3-61 (2) "Governmental entity" means the state, a political
3-62 subdivision or a combination of two or more subdivisions of the
3-63 state, or an agency of the state.
3-64 (b) A governmental entity or private vendor may not change
3-65 the use of a criminal detention facility operated by the entity or
3-66 vendor from a residential facility for the placement of juvenile
3-67 offenders and may not establish a criminal detention facility
3-68 unless:
3-69 (1) a public hearing is held about the proposed change
4-1 or establishment before the change is made or the facility is
4-2 established; and
4-3 (2) after the hearing is held, the change or
4-4 establishment is approved by unanimous vote of the governing body
4-5 of:
4-6 (A) the municipality in which the facility is or
4-7 will be located; or
4-8 (B) the county in which the facility is or will
4-9 be located, if the facility is not or will not be located within a
4-10 municipality.
4-11 (c) Before the 30th day before the date of a hearing
4-12 required by Subsection (b) of this section, the governmental entity
4-13 shall:
4-14 (1) publish notice of the date, hour, place, and
4-15 subject of the hearing in three consecutive issues of a newspaper
4-16 of, or in newspapers that collectively have, general circulation in
4-17 the county in which the proposed change is to be made or the
4-18 facility is to be established; and
4-19 (2) mail a copy of the notice to each member of the
4-20 governing body of a municipality, county commissioner, state
4-21 representative, and state senator who represents the area in which
4-22 the proposed change is to be made or the facility is to be
4-23 established.
4-24 (d) In describing the subject of a public hearing for
4-25 purposes of publishing notice under this section, the notice must
4-26 specifically state the address of the facility with respect to
4-27 which the change is proposed or the address at which the facility
4-28 is to be established.
4-29 (e) If a private vendor, other than a private vendor that
4-30 operates as a nonprofit corporation, proposes to change the use of
4-31 a facility or to establish a facility that is the subject of a
4-32 public hearing under this section, the private vendor is
4-33 responsible for providing the notice and holding the public hearing
4-34 required by this section.
4-35 (f) The governmental entity or private vendor shall hold the
4-36 public hearing at a site as close as practicable to the facility
4-37 with respect to which the change is proposed or as close as
4-38 practicable to the site of the proposed facility.

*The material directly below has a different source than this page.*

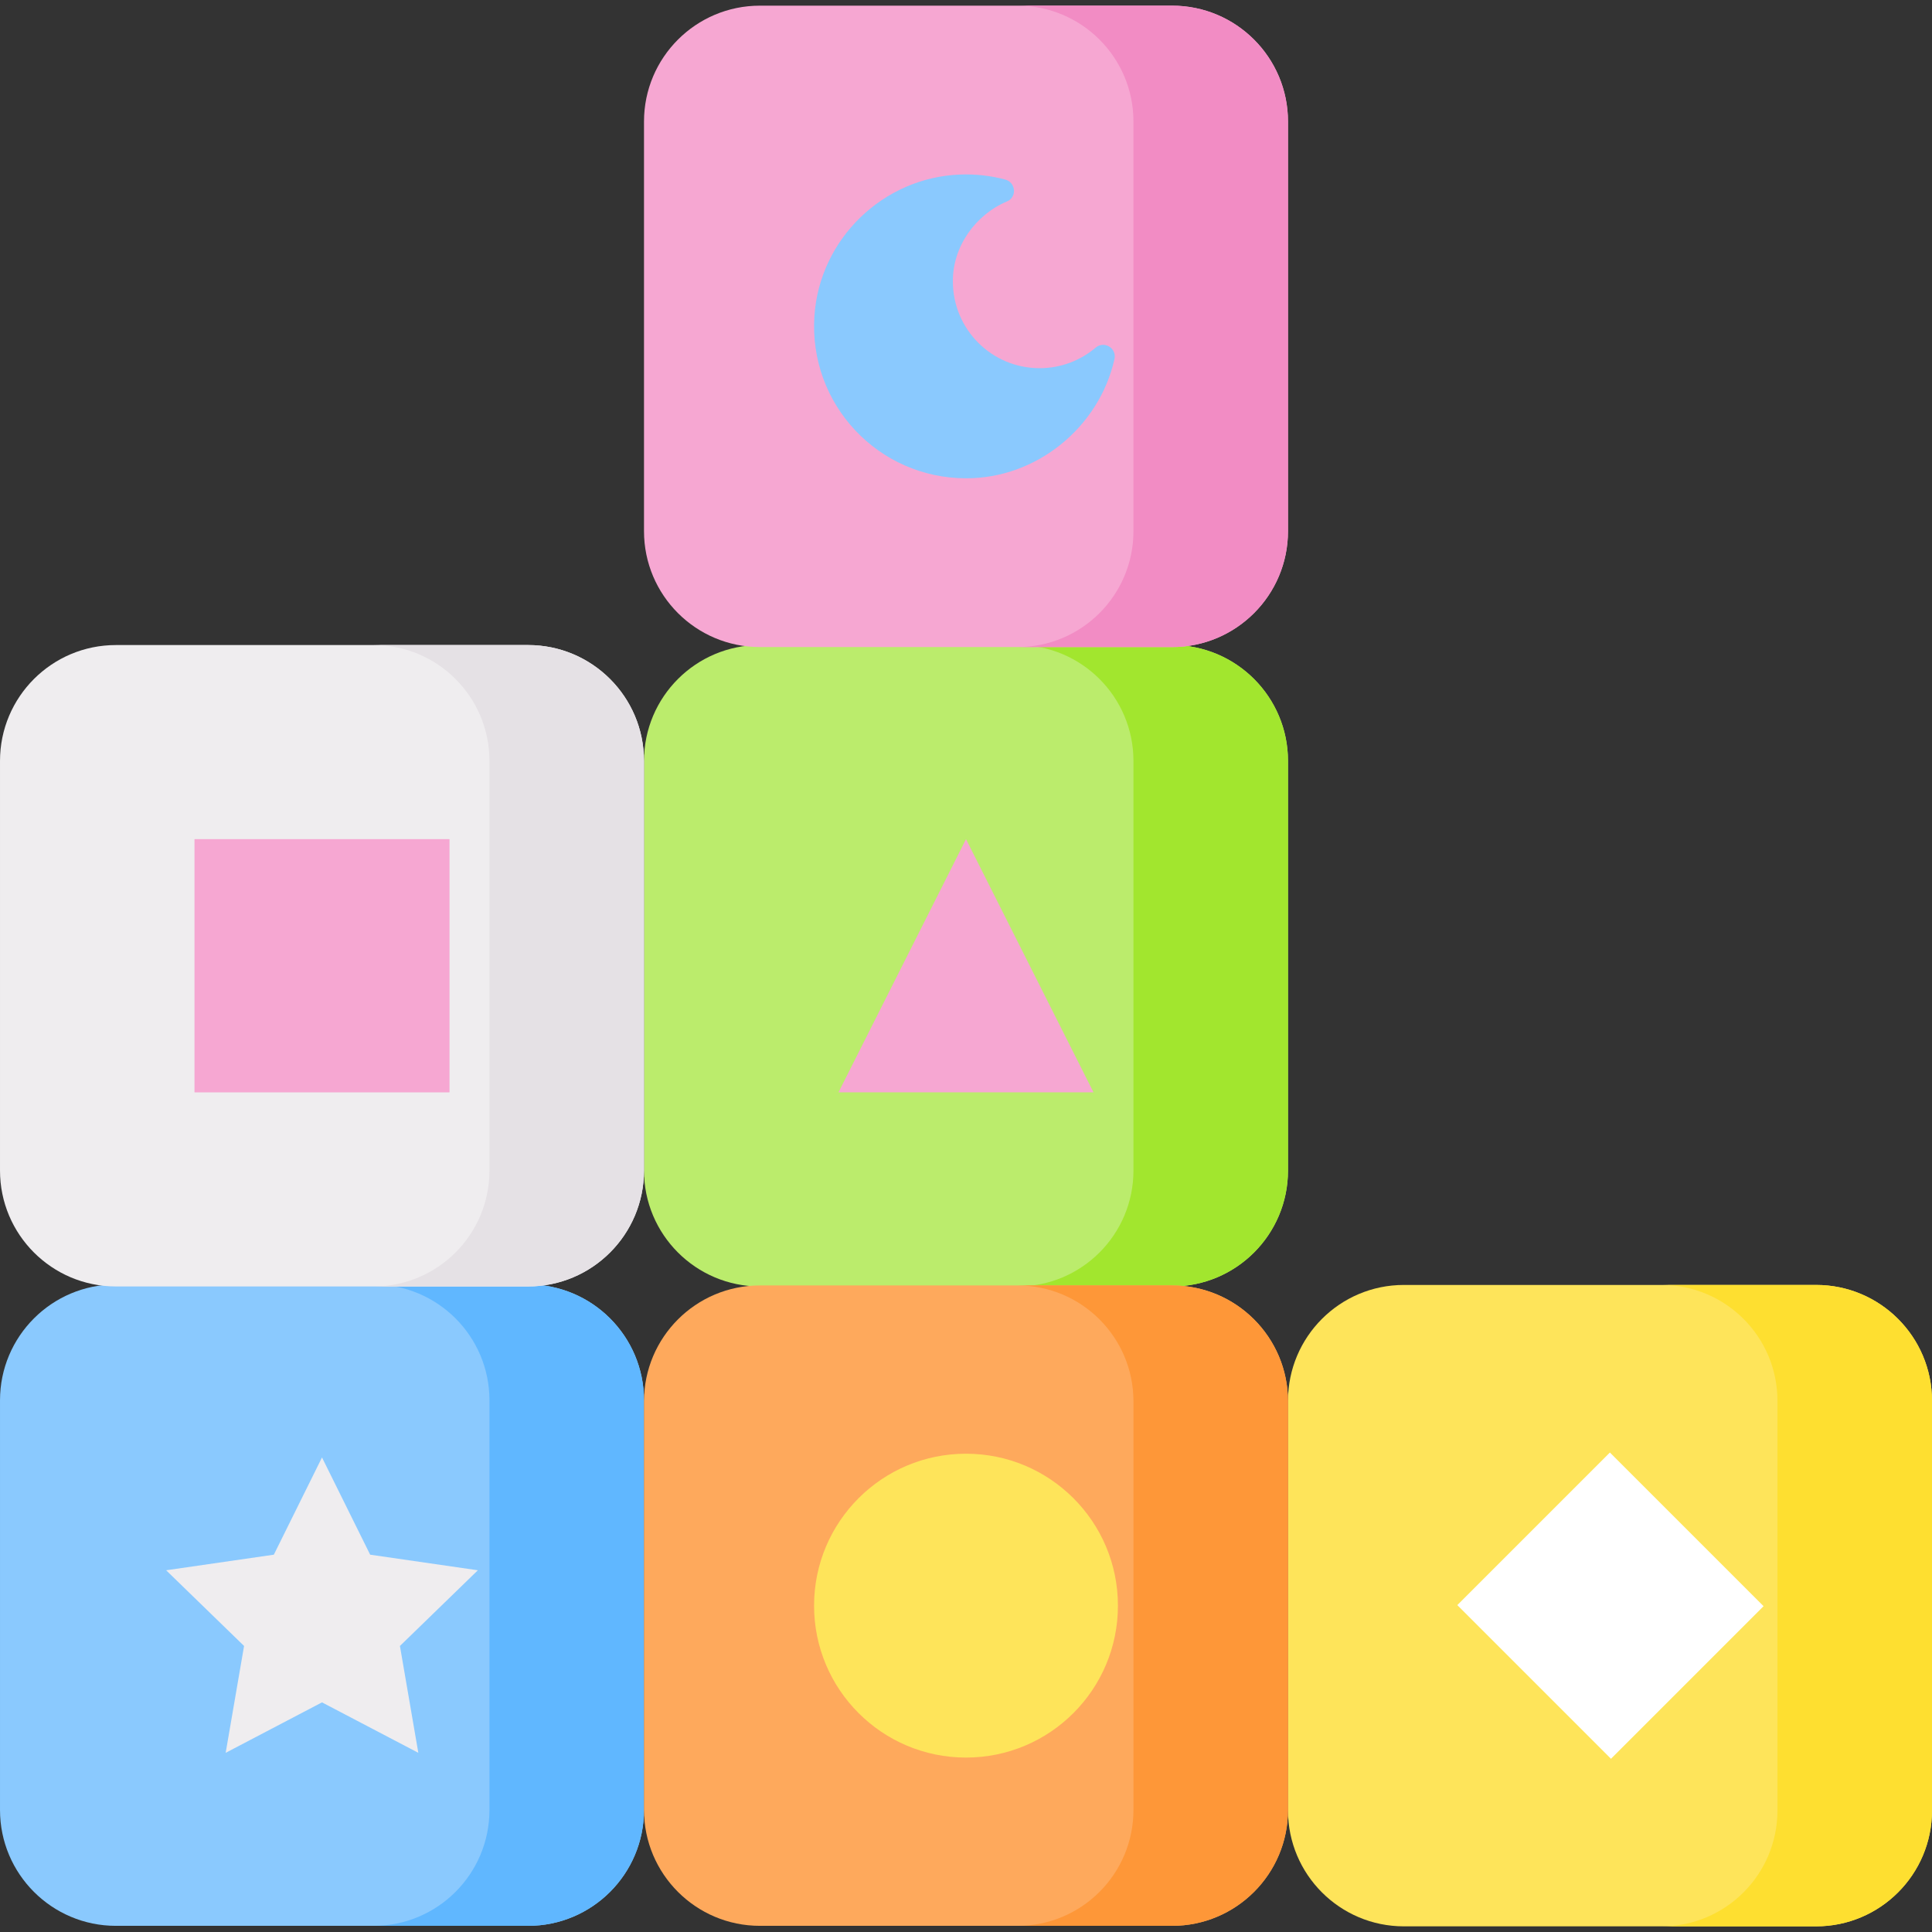 <svg id="Layer_1" enable-background="new 0 0 512 512" height="512" viewBox="0 0 512 512" width="512" xmlns="http://www.w3.org/2000/svg"><rect x="0" y="0" width="512" height="512" fill="#333333" stroke="none"/><g><g><g><path d="m139.95 510.368h-109.234c-16.964 0-30.716-13.752-30.716-30.717v-108.546c0-16.964 13.752-30.716 30.716-30.716h109.234c16.964 0 30.716 13.752 30.716 30.716v108.547c.001 16.964-13.752 30.716-30.716 30.716z" fill="#8ac9fe"/><path d="m139.95 340.388h-40.955c16.964 0 30.716 13.752 30.716 30.716v108.547c0 16.964-13.752 30.716-30.716 30.716h40.955c16.964 0 30.716-13.752 30.716-30.716v-108.546c.001-16.965-13.752-30.717-30.716-30.717z" fill="#60b7ff"/><path d="m310.617 340.923h-109.234c-16.964 0-30.716-13.752-30.716-30.716v-108.547c0-16.964 13.752-30.716 30.716-30.716h109.234c16.964 0 30.716 13.752 30.716 30.716v108.547c0 16.963-13.752 30.716-30.716 30.716z" fill="#bbec6c"/><path d="m310.617 170.943h-40.955c16.964 0 30.716 13.752 30.716 30.716v108.547c0 16.964-13.752 30.716-30.716 30.716h40.955c16.964 0 30.716-13.752 30.716-30.716v-108.546c0-16.965-13.752-30.717-30.716-30.717z" fill="#a2e62e"/><path d="m139.95 340.923h-109.234c-16.964 0-30.716-13.753-30.716-30.717v-108.546c0-16.964 13.752-30.716 30.716-30.716h109.234c16.964 0 30.716 13.752 30.716 30.716v108.547c.001 16.963-13.752 30.716-30.716 30.716z" fill="#efedef"/><path d="m139.95 170.943h-40.955c16.964 0 30.716 13.752 30.716 30.716v108.547c0 16.964-13.752 30.716-30.716 30.716h40.955c16.964 0 30.716-13.752 30.716-30.716v-108.546c.001-16.965-13.752-30.717-30.716-30.717z" fill="#e5e1e5"/><path d="m51.783 222.143h67.102v67.58h-67.102z" fill="#f6a7d2" transform="matrix(0 1 -1 0 341.266 170.6)"/><path d="m222.21 289.484 33.79-67.102 33.79 67.102z" fill="#f6a7d2"/><path d="m481.284 510.502h-109.234c-16.964 0-30.716-13.752-30.716-30.716v-108.547c0-16.964 13.752-30.716 30.716-30.716h109.234c16.964 0 30.716 13.752 30.716 30.716v108.547c0 16.964-13.752 30.716-30.716 30.716z" fill="#fee45a"/><path d="m481.284 340.522h-40.955c16.964 0 30.716 13.752 30.716 30.716v108.547c0 16.964-13.752 30.716-30.716 30.716h40.955c16.964 0 30.716-13.752 30.716-30.716v-108.546c0-16.964-13.752-30.717-30.716-30.717z" fill="#fedf30"/><path d="m310.617 171.478h-109.234c-16.964 0-30.716-13.752-30.716-30.716v-108.547c0-16.964 13.752-30.716 30.716-30.716h109.234c16.964 0 30.716 13.752 30.716 30.716v108.547c0 16.963-13.752 30.716-30.716 30.716z" fill="#f6a7d2"/><path d="m310.617 1.498h-40.955c16.964 0 30.716 13.752 30.716 30.716v108.547c0 16.964-13.752 30.716-30.716 30.716h40.955c16.964 0 30.716-13.752 30.716-30.716v-108.546c0-16.965-13.752-30.717-30.716-30.717z" fill="#f28cc4"/><path d="m291.263 510.368h19.354c16.964 0 30.716-13.752 30.716-30.716v-108.279c0-16.964-13.752-30.716-30.716-30.716h-109.234c-16.964 0-30.716 13.752-30.716 30.716v108.278c0 16.964 13.752 30.716 30.716 30.716h19.354 70.526z" fill="#fea95c"/><path d="m310.617 340.657h-40.955c16.964 0 30.716 13.752 30.716 30.716v108.278c0 16.964-13.752 30.716-30.716 30.716h40.955c16.964 0 30.716-13.752 30.716-30.716v-108.278c0-16.964-13.752-30.716-30.716-30.716z" fill="#fe9738"/></g><path d="m85.333 386.239 12.764 25.768 28.541 4.132-20.652 20.057 4.875 28.321-25.528-13.371-25.528 13.371 4.876-28.321-20.653-20.057 28.541-4.132z" fill="#efedef"/></g><circle cx="256" cy="425.512" fill="#fee45a" r="40.264"/><path d="m275.504 97.572c-12.692 0-22.981-10.289-22.981-22.981-.086-9.187 5.942-17.669 14.361-21.22 2.683-1.132 2.33-5.033-.484-5.786-3.8-1.017-7.821-1.491-11.978-1.331-20.395.783-37.223 17.086-38.592 37.45-1.58 23.497 17.012 43.047 40.17 43.047 18.726.065 35.318-13.558 39.346-31.6.646-2.892-2.731-4.936-4.992-3.021-4.005 3.395-9.188 5.442-14.85 5.442z" fill="#8ac9fe"/><path d="m398.093 396.71h57.196v57.605h-57.196z" fill="#fff" transform="matrix(-.707 .707 -.707 -.707 1029.291 424.678)"/></g></svg>

4-39 SECTION 11. The change in law made by this Act applies only
4-40 to a child taken into custody on or after the effective date of
4-41 this Act.
4-42 SECTION 12. This Act takes effect September 1, 1997.
4-43 SECTION 13. The importance of this legislation and the
4-44 crowded condition of the calendars in both houses create an
4-45 emergency and an imperative public necessity that the
4-46 constitutional rule requiring bills to be read on three several
4-47 days in each house be suspended, and this rule is hereby suspended.